TOKENS()
The TOKENS() function is the only function that you can use freely in the query without a SEARCH statement. A wrapping ANALYZER() call in a search expression does not affect the analyzer argument nor allow you to omit it.
Syntax
TOKENS(input, analyzer) → tokenArray
Split the input string with the help of the specified analyzer into an array. You can use the resulting array in FILTER or SEARCH statements with the IN operator.

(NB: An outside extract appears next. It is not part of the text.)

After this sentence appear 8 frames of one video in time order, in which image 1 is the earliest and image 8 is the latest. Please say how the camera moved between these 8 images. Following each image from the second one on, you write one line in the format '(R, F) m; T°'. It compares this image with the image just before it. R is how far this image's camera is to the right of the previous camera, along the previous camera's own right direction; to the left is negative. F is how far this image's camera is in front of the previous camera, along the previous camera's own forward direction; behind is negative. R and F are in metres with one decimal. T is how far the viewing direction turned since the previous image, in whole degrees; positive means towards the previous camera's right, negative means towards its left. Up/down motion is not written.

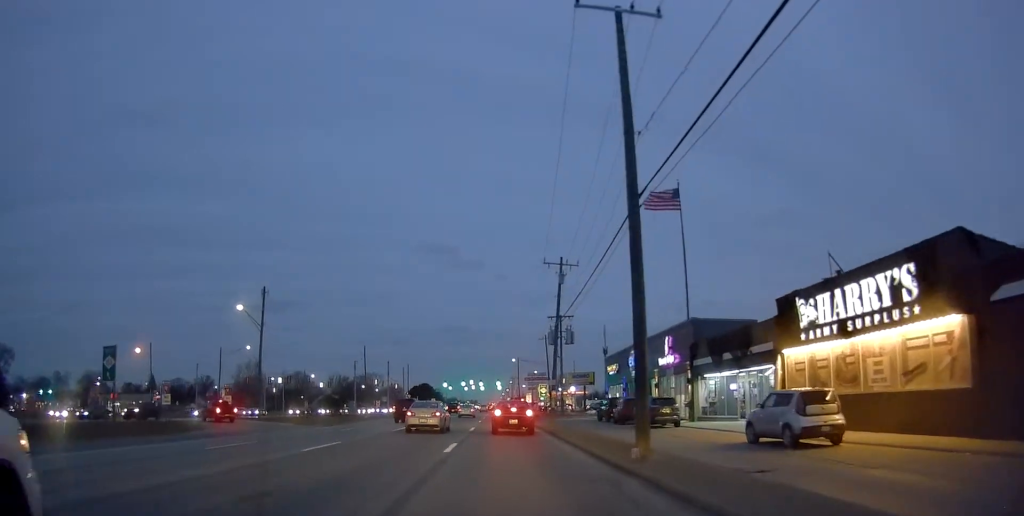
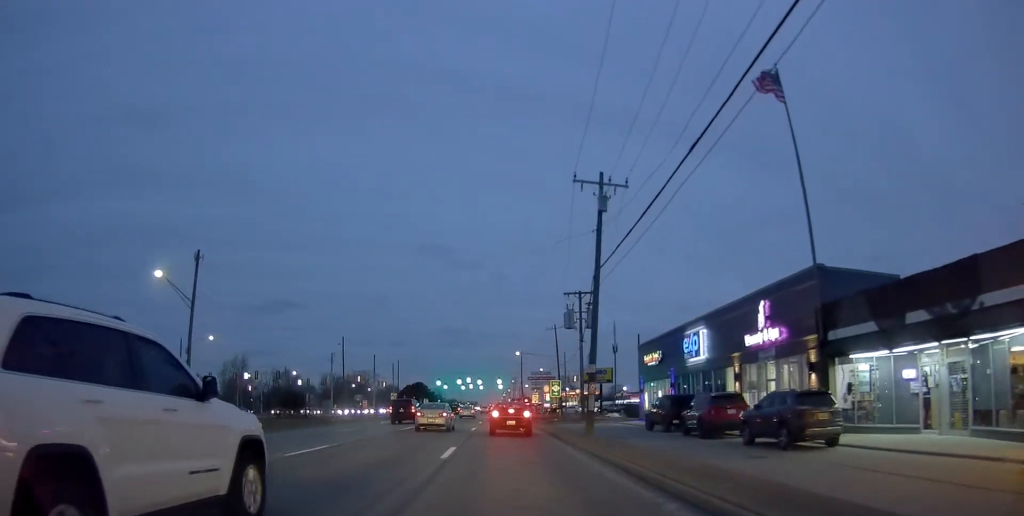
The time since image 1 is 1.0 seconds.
(+0.6, +15.7) m; +3°
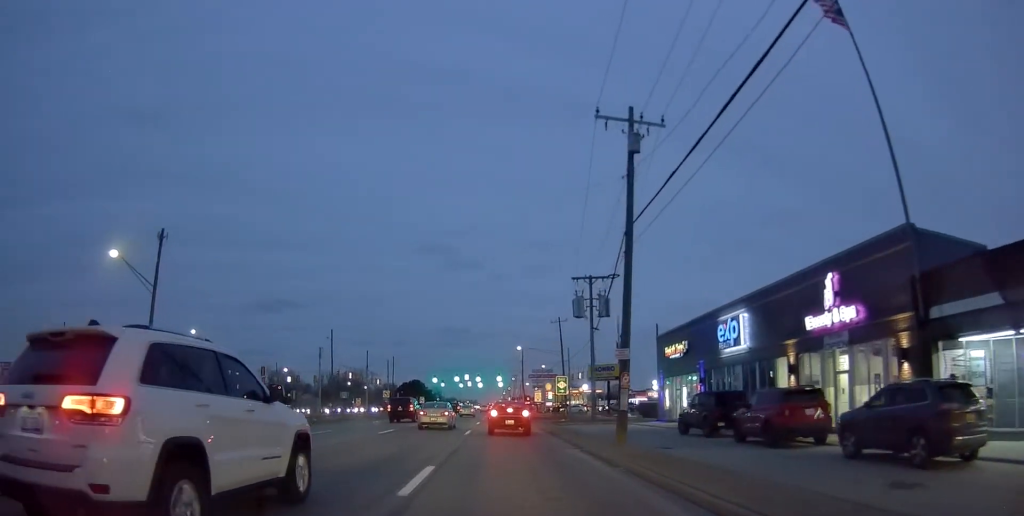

| Key | Type | Description |
|---|---|---|
| input | string | Text to tokenize. |
| analyzer | string | Name of an analyzer. |
Example 1
Example query showcasing the "text_de" analyzer, which features tokenization with stemming, case conversion, and accent removal for German text:
RETURN TOKENS("Lörem ipsüm, DOLOR SIT Ämet.", "text_de")
[
[
"lor",
"ipsum",
"dolor",
"sit",
"amet"
]
]
Example 2
This example searches for documents where the text attribute contains certain tokens in any order:
FOR doc IN viewName
SEARCH ANALYZER(doc.text IN TOKENS("dolor amet lorem", "text_en"), "text_en")
RETURN doc
Alternatively, if you want to search for tokens in a particular order, use PHRASE() instead.
Example 3
When calling a TOKENS() function, you must always specify the analyzer name:
FOR doc IN viewName
SEARCH ANALYZER(doc.text IN TOKENS("foo", "text_en"), "text_en")
RETURN doc